TASK PROMPT >> Write out each line of the listing as it stands, without the images.

◇ ◇ ◇ ◇ ◇ ◇ ◇

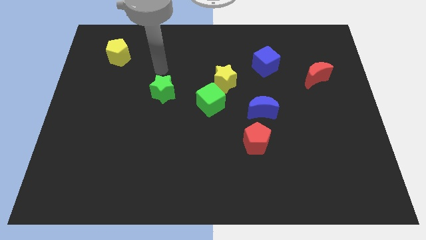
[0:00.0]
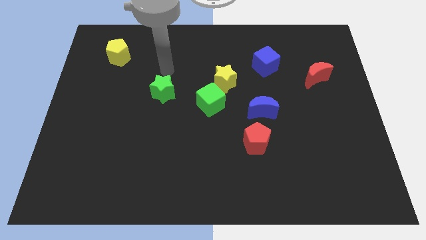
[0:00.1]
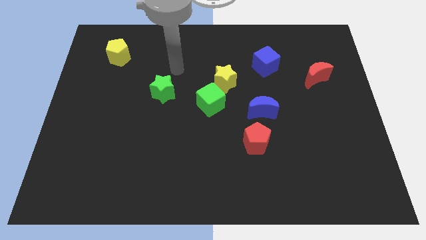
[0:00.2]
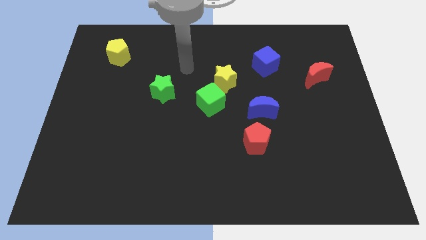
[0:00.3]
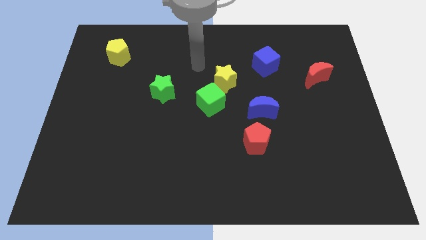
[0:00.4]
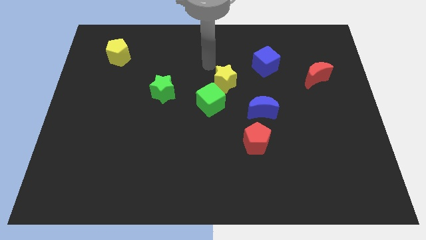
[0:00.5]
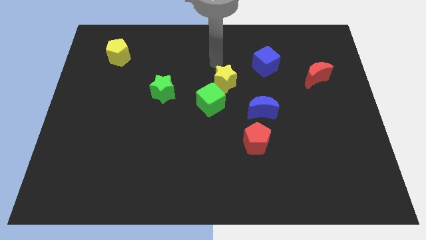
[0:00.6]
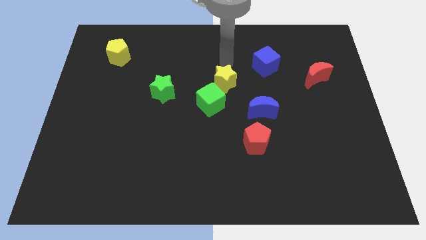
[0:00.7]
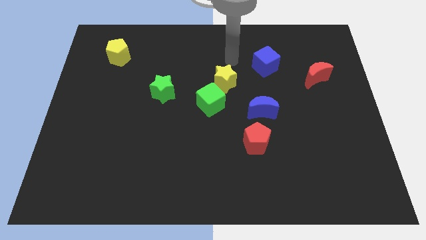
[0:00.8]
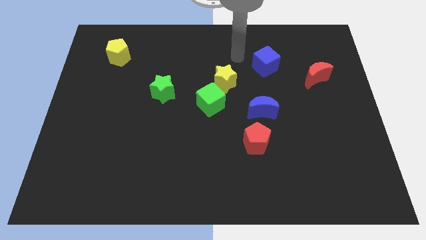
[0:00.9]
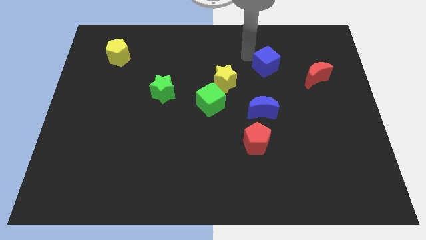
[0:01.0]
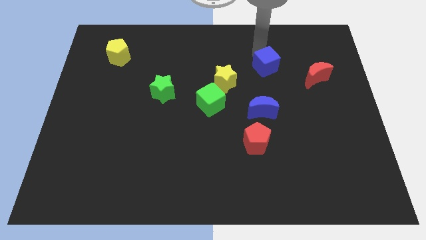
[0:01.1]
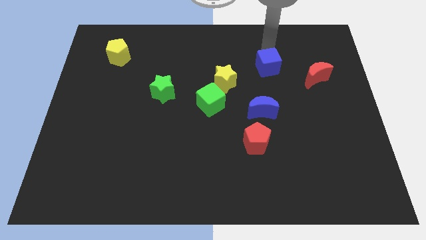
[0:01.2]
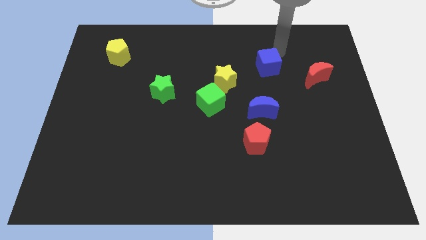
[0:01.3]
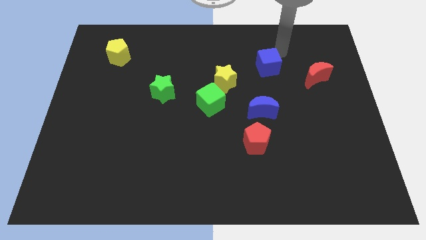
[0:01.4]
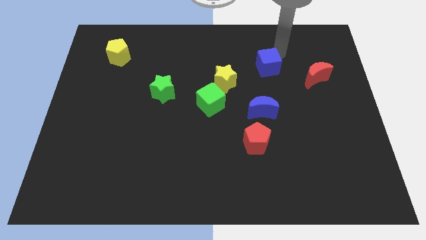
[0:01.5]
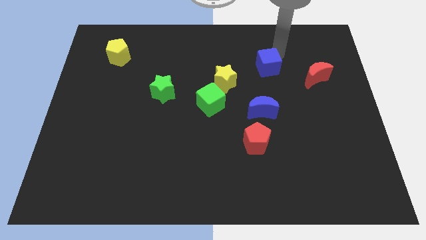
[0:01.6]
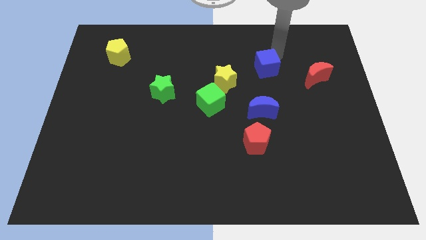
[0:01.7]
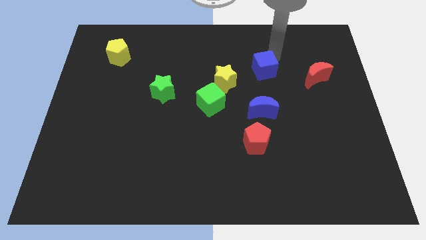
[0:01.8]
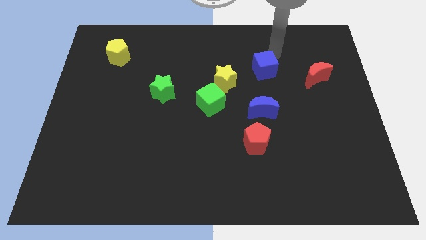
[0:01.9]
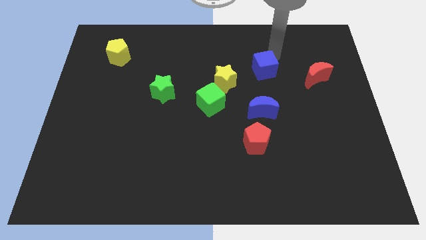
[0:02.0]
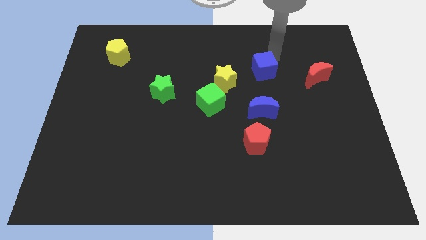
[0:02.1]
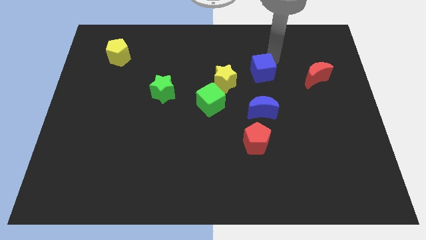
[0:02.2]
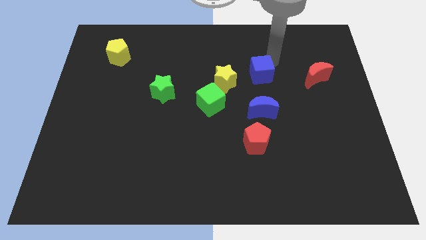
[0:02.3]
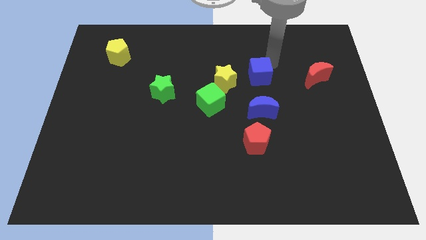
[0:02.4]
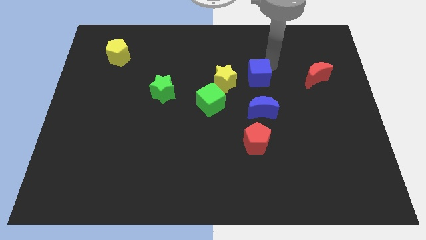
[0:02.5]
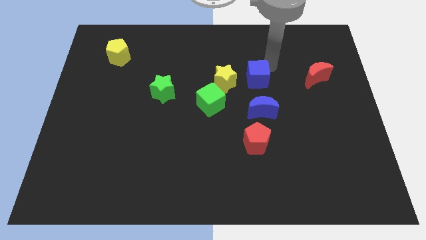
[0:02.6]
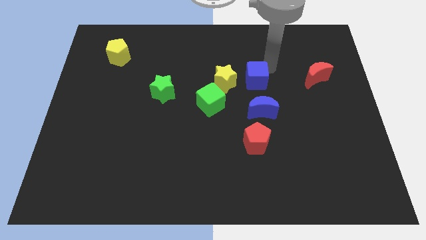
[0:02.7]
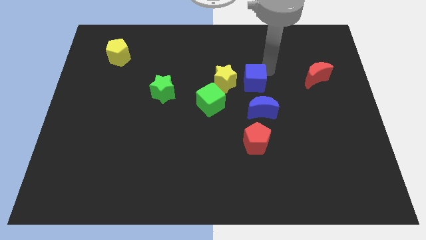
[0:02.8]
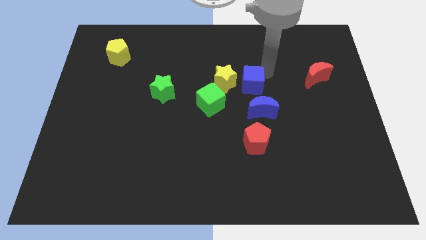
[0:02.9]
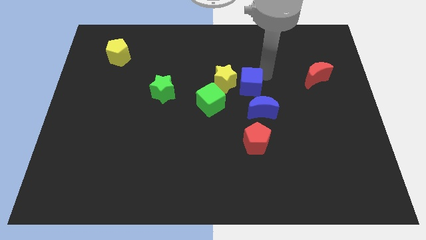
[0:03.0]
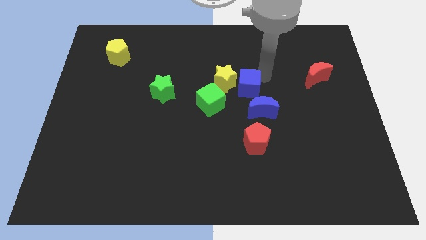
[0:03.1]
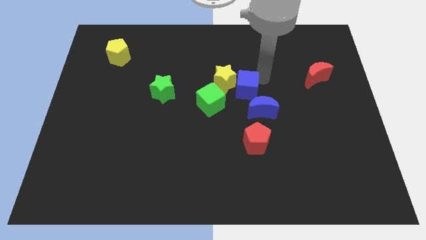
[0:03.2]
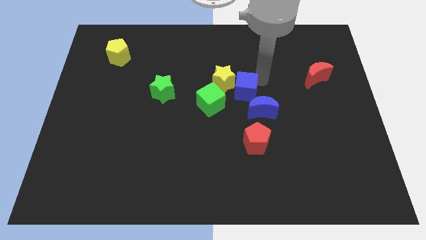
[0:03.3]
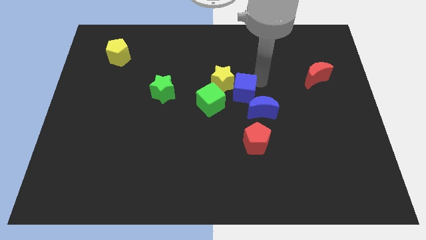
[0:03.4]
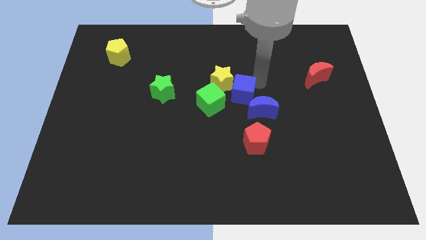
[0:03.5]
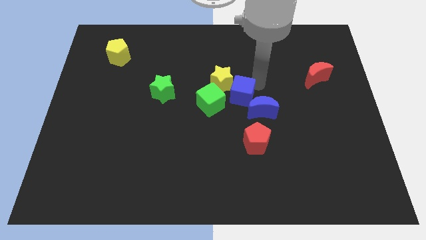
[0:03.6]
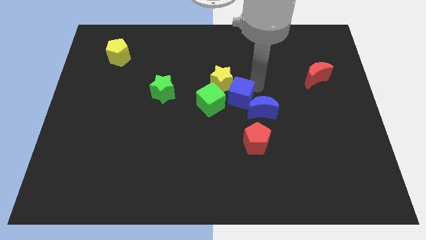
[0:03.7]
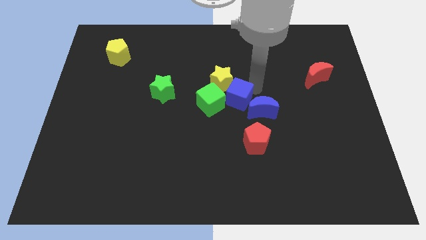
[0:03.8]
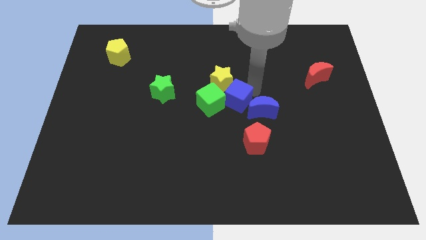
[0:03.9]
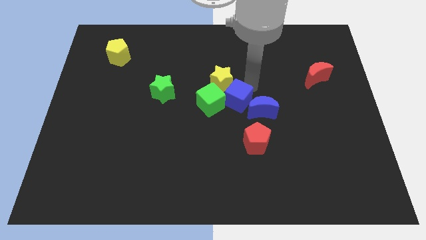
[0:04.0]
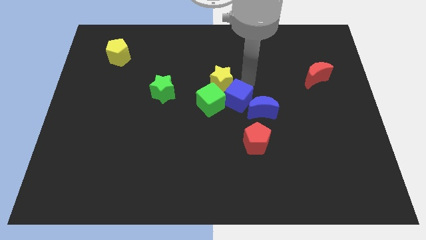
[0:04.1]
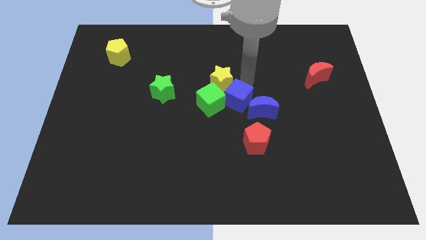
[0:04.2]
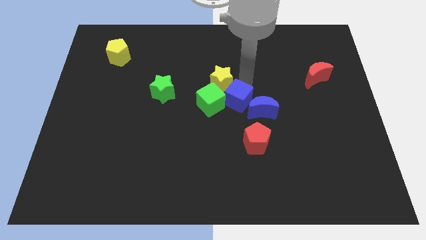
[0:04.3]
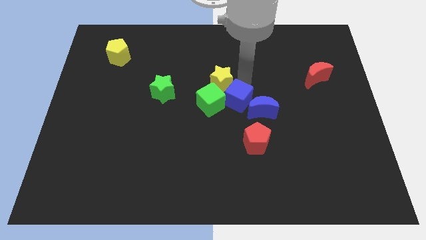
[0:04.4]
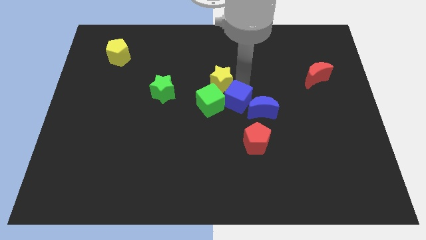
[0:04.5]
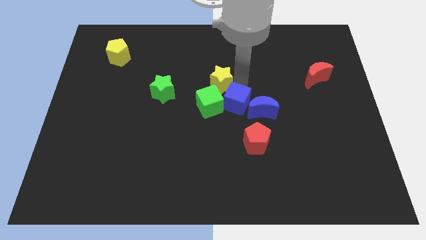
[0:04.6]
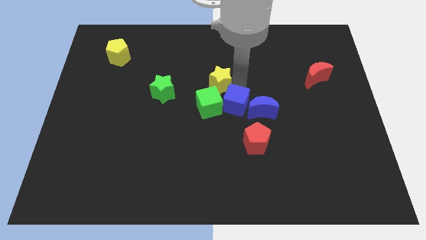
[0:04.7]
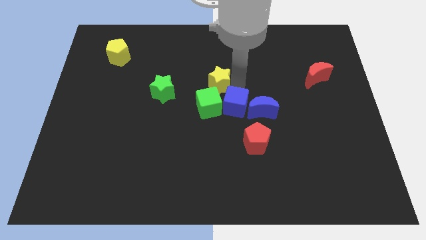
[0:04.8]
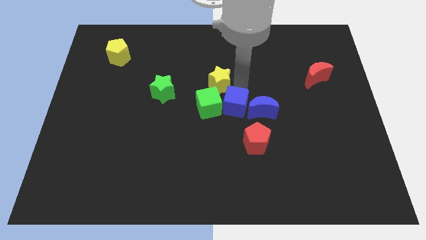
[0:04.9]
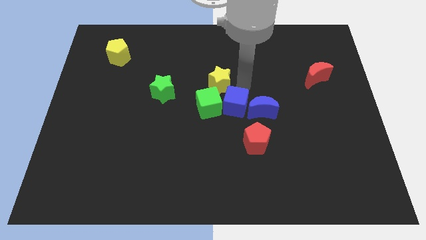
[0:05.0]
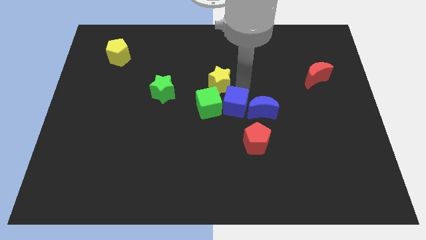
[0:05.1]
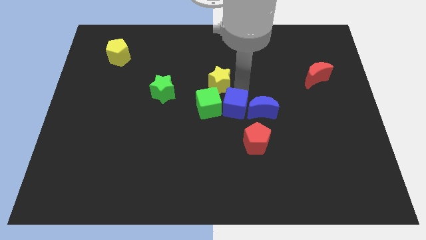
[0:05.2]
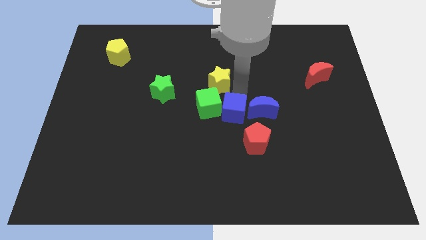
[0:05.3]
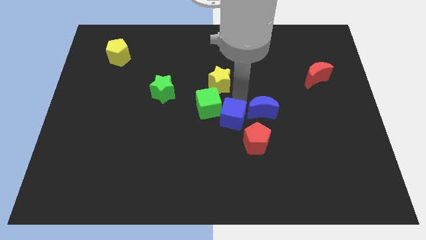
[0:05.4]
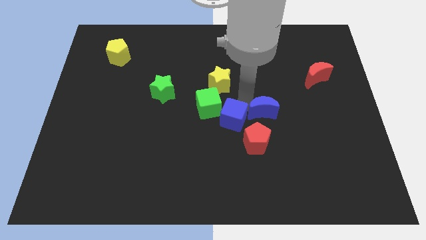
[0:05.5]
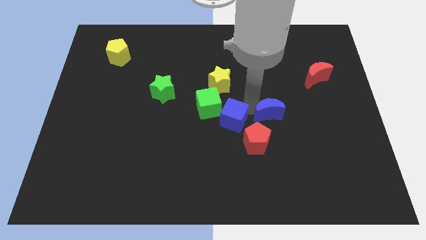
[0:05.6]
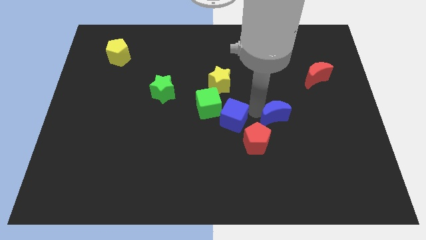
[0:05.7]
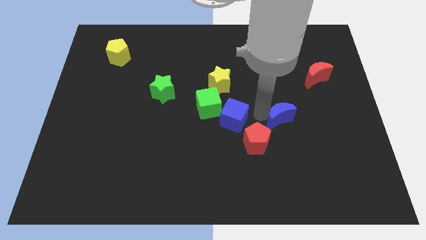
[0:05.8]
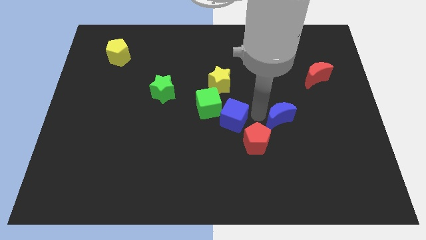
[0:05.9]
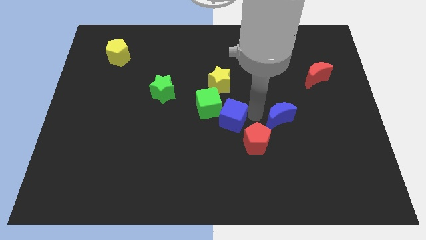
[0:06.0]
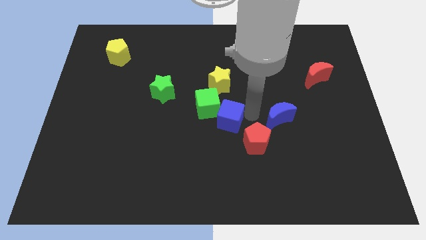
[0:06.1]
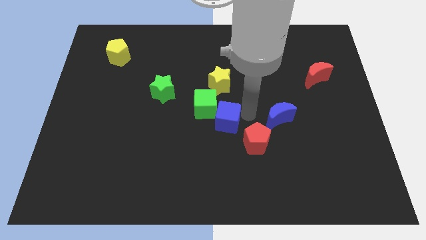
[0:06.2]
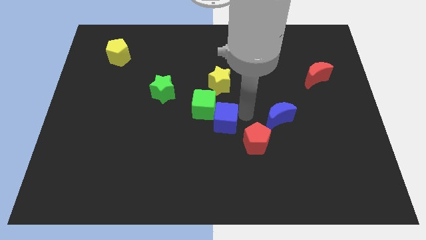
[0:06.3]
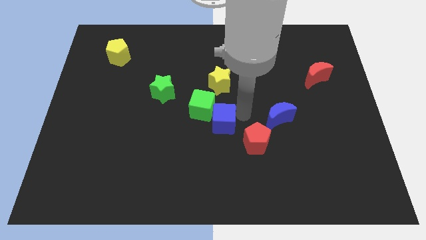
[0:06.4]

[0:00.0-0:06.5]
slide the blue cube downwards and then left

◇ ◇ ◇ ◇ ◇ ◇ ◇

OUTPUT BELOW >>
[0:00.0]
[0:00.1]
[0:00.2]
[0:00.3]
[0:00.4]
[0:00.5]
[0:00.6]
[0:00.7]
[0:00.8]
[0:00.9]
[0:01.0]
[0:01.1]
[0:01.2]
[0:01.3]
[0:01.4]
[0:01.5]
[0:01.6]
[0:01.7]
[0:01.8]
[0:01.9]
[0:02.0]
[0:02.1]
[0:02.2]
[0:02.3]
[0:02.4]
[0:02.5]
[0:02.6]
[0:02.7]
[0:02.8]
[0:02.9]
[0:03.0]
[0:03.1]
[0:03.2]
[0:03.3]
[0:03.4]
[0:03.5]
[0:03.6]
[0:03.7]
[0:03.8]
[0:03.9]
[0:04.0]
[0:04.1]
[0:04.2]
[0:04.3]
[0:04.4]
[0:04.5]
[0:04.6]
[0:04.7]
[0:04.8]
[0:04.9]
[0:05.0]
[0:05.1]
[0:05.2]
[0:05.3]
[0:05.4]
[0:05.5]
[0:05.6]
[0:05.7]
[0:05.8]
[0:05.9]
[0:06.0]
[0:06.1]
[0:06.2]
[0:06.3]
[0:06.4]

[0:00.0-0:06.5]
slide the blue cube downwards and then left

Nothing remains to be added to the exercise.